DATA LISTING.
——

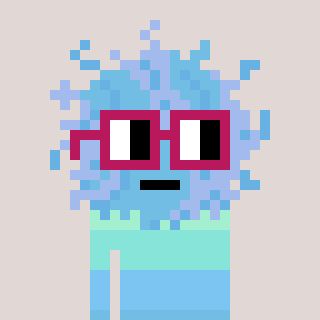
a pixel art character with square dark red glasses, a lint-shaped head and a darkbrown-colored body on a warm background
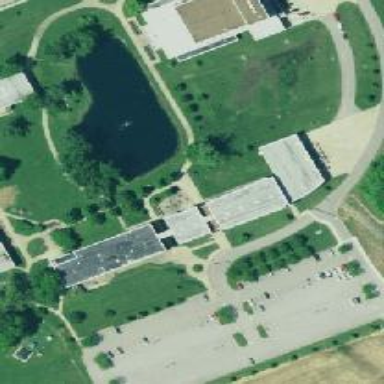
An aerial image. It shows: College building.
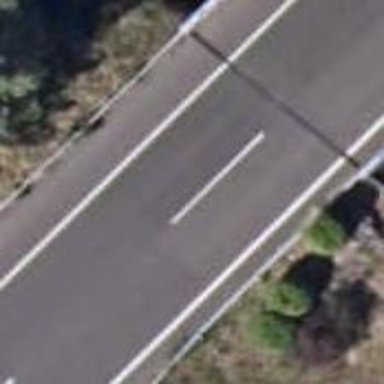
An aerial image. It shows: Motorway bridge.
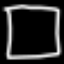
Label: square
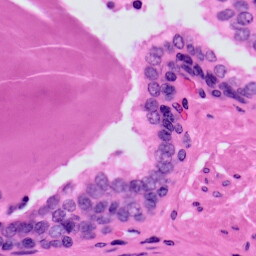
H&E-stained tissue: Prostate

——

WHAT YOU NEED TO DO. Quote verbatim the final run of lines in the material above, from the line that contains "An aerial image. It shows: College building." through the very last line, excluding any pictures.

RESPONSE AREA.
An aerial image. It shows: College building.
An aerial image. It shows: Motorway bridge.
Label: square
H&E-stained tissue: Prostate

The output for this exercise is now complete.